# [TASK PROMPT]
The answer must restate the listing word for word, without its images.

# [MATERIAL PROVIDED]

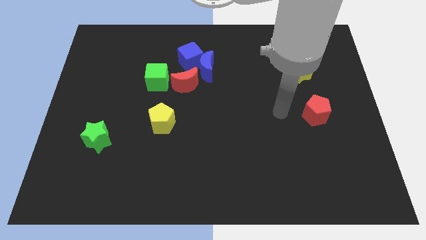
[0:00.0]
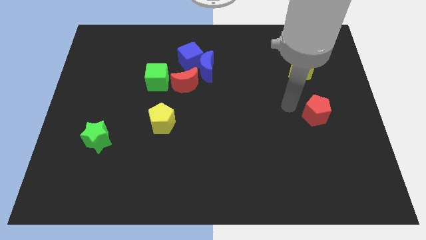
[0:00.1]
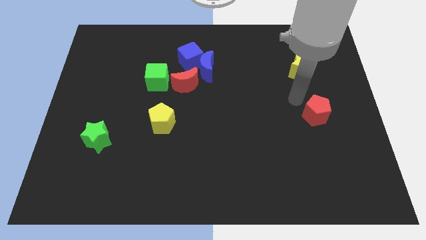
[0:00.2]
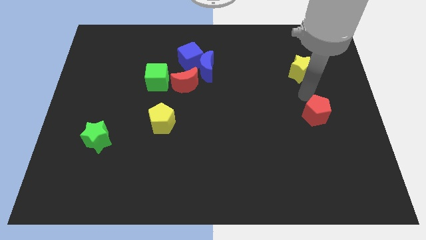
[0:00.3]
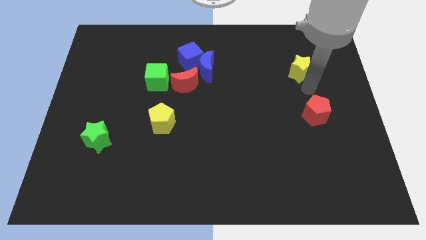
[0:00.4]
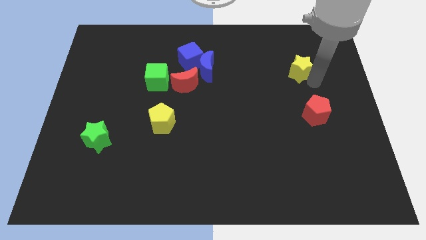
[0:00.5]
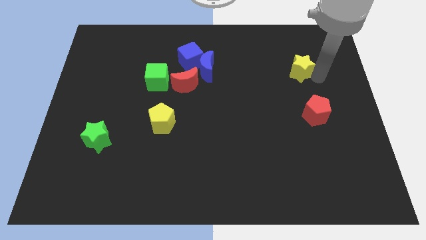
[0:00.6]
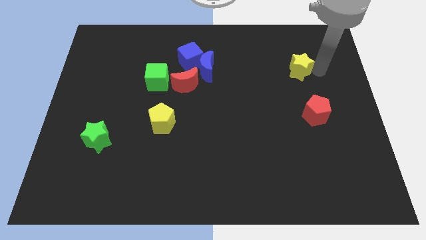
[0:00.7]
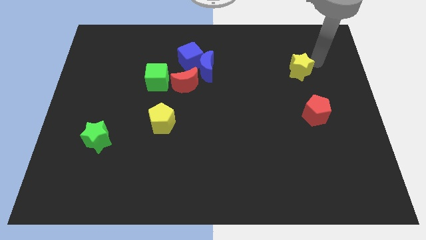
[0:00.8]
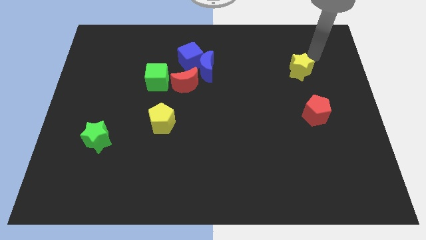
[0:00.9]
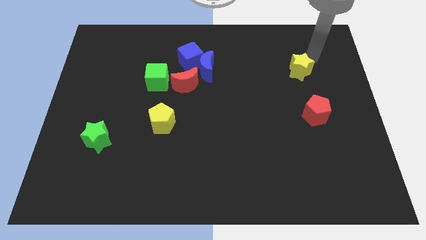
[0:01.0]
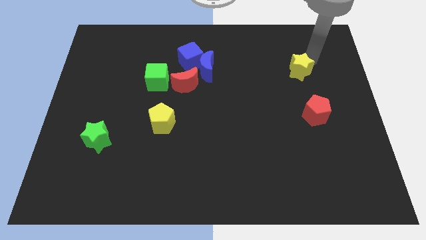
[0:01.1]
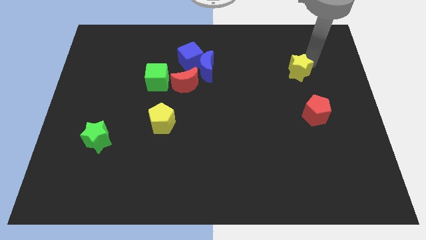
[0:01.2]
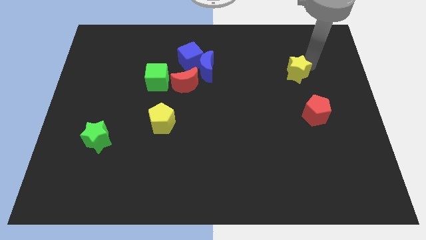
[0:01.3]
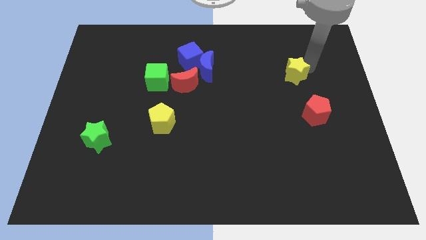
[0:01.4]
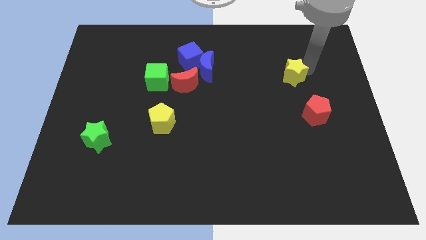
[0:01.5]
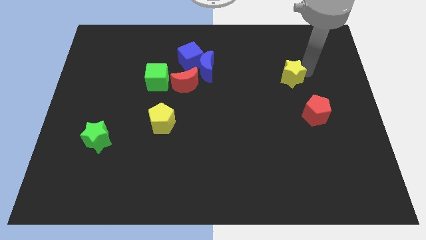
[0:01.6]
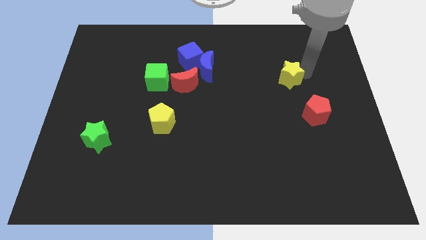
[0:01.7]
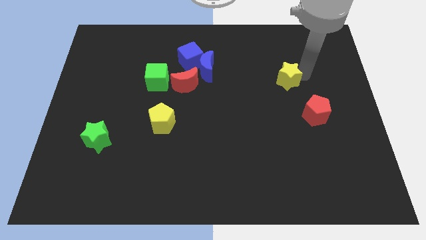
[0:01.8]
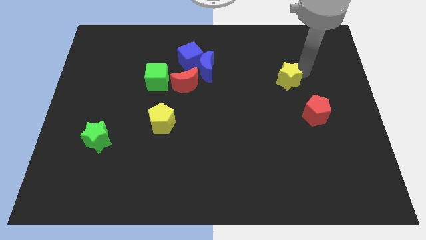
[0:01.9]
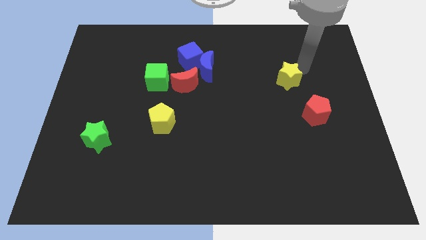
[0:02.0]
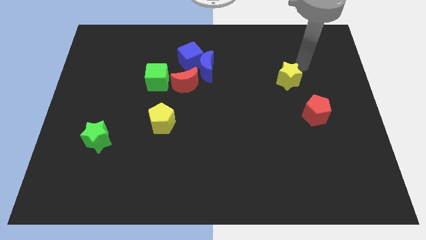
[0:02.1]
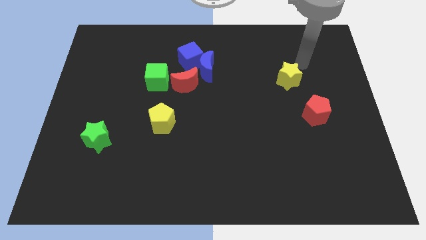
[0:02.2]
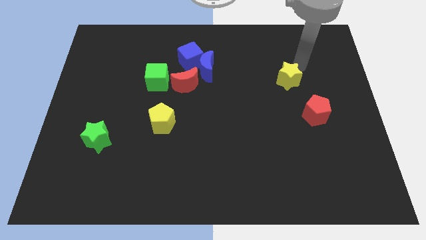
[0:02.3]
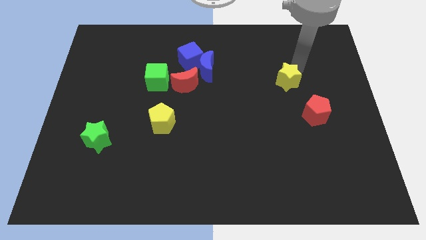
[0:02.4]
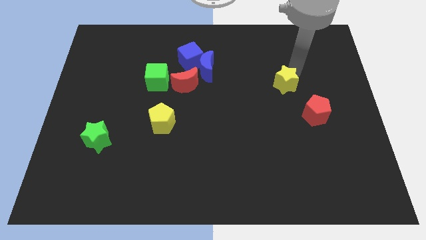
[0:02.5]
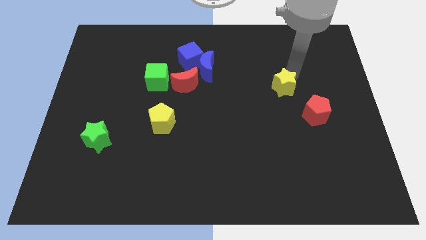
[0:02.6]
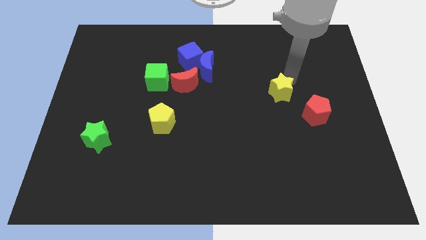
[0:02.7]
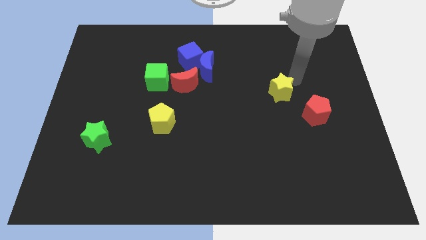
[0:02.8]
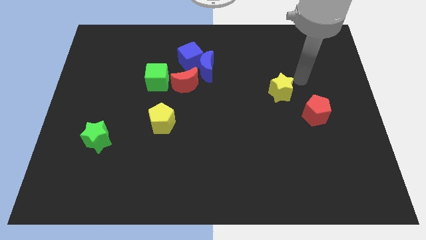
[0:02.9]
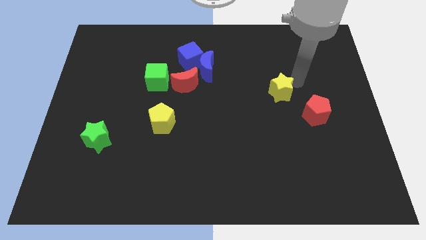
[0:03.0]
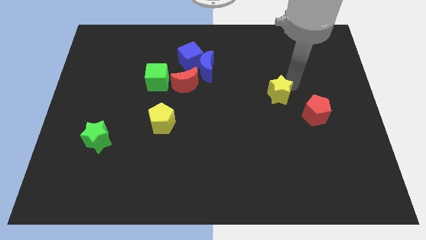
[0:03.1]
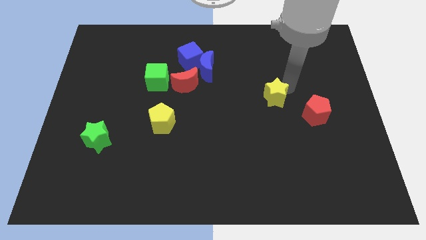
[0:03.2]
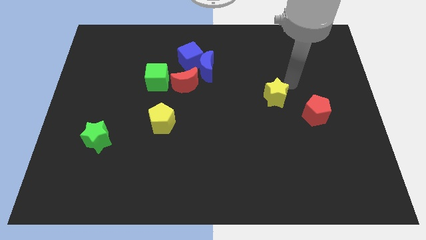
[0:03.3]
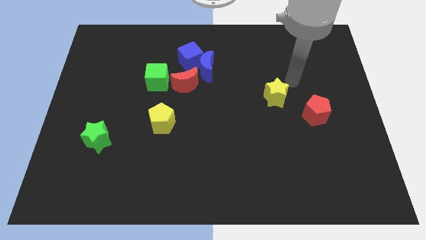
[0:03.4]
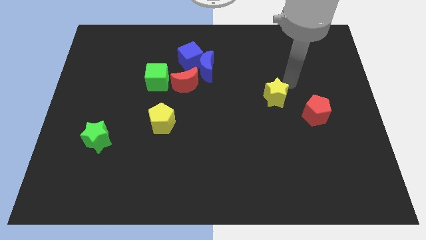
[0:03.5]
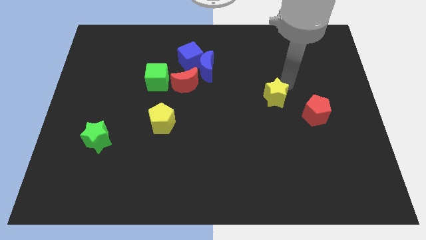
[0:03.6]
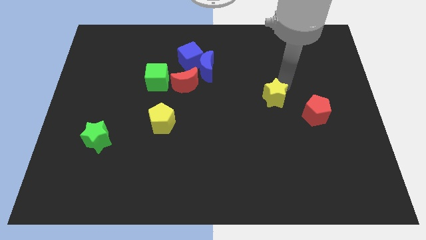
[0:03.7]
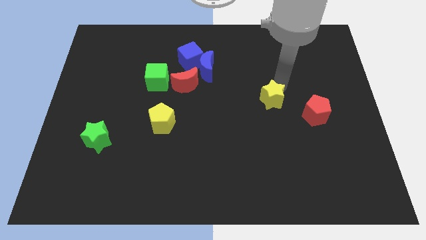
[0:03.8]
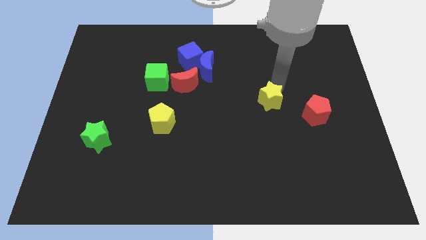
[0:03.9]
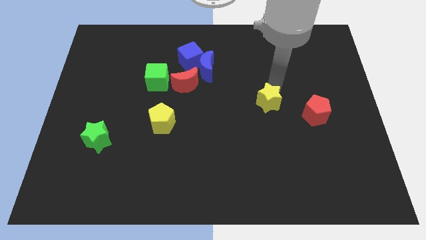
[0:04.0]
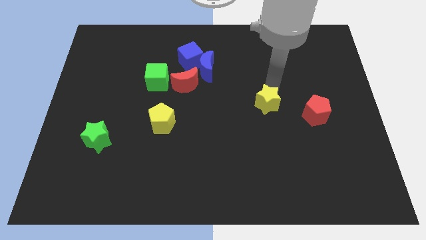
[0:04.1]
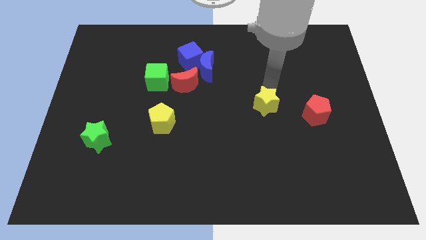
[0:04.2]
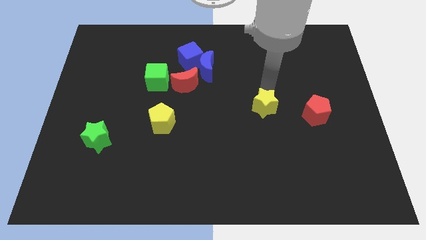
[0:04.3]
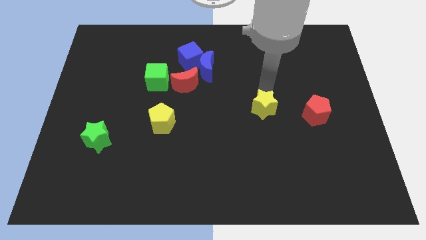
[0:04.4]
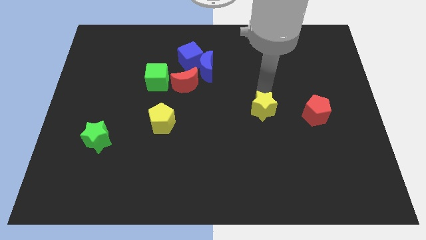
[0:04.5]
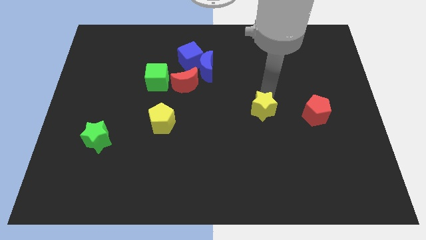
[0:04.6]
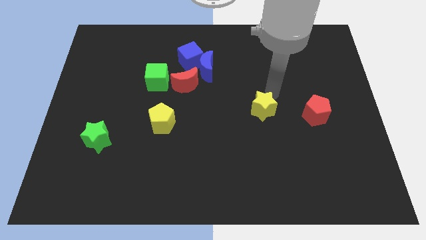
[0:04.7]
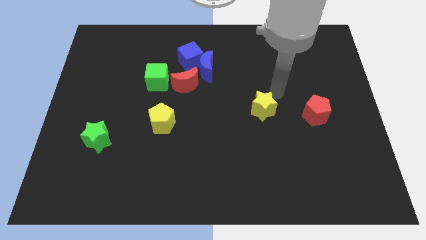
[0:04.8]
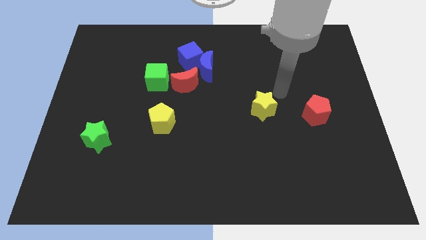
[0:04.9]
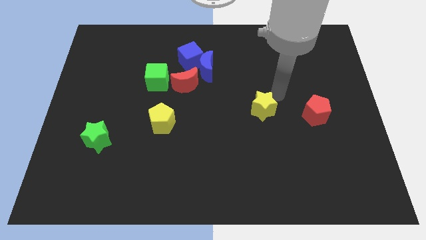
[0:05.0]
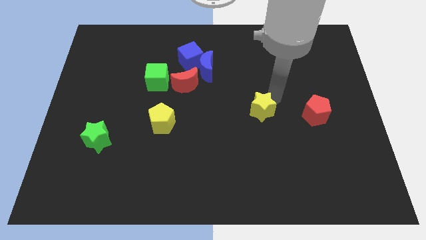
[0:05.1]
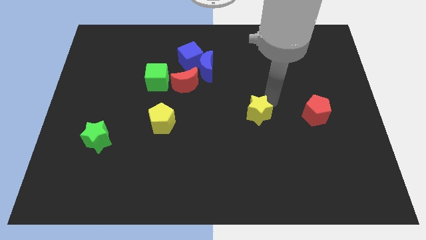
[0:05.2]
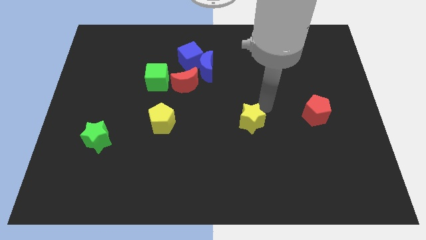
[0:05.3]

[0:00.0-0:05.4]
slide the yellow star down and left diagonally

# [SOLUTION FOR THIS EXERCISE]
[0:00.0]
[0:00.1]
[0:00.2]
[0:00.3]
[0:00.4]
[0:00.5]
[0:00.6]
[0:00.7]
[0:00.8]
[0:00.9]
[0:01.0]
[0:01.1]
[0:01.2]
[0:01.3]
[0:01.4]
[0:01.5]
[0:01.6]
[0:01.7]
[0:01.8]
[0:01.9]
[0:02.0]
[0:02.1]
[0:02.2]
[0:02.3]
[0:02.4]
[0:02.5]
[0:02.6]
[0:02.7]
[0:02.8]
[0:02.9]
[0:03.0]
[0:03.1]
[0:03.2]
[0:03.3]
[0:03.4]
[0:03.5]
[0:03.6]
[0:03.7]
[0:03.8]
[0:03.9]
[0:04.0]
[0:04.1]
[0:04.2]
[0:04.3]
[0:04.4]
[0:04.5]
[0:04.6]
[0:04.7]
[0:04.8]
[0:04.9]
[0:05.0]
[0:05.1]
[0:05.2]
[0:05.3]

[0:00.0-0:05.4]
slide the yellow star down and left diagonally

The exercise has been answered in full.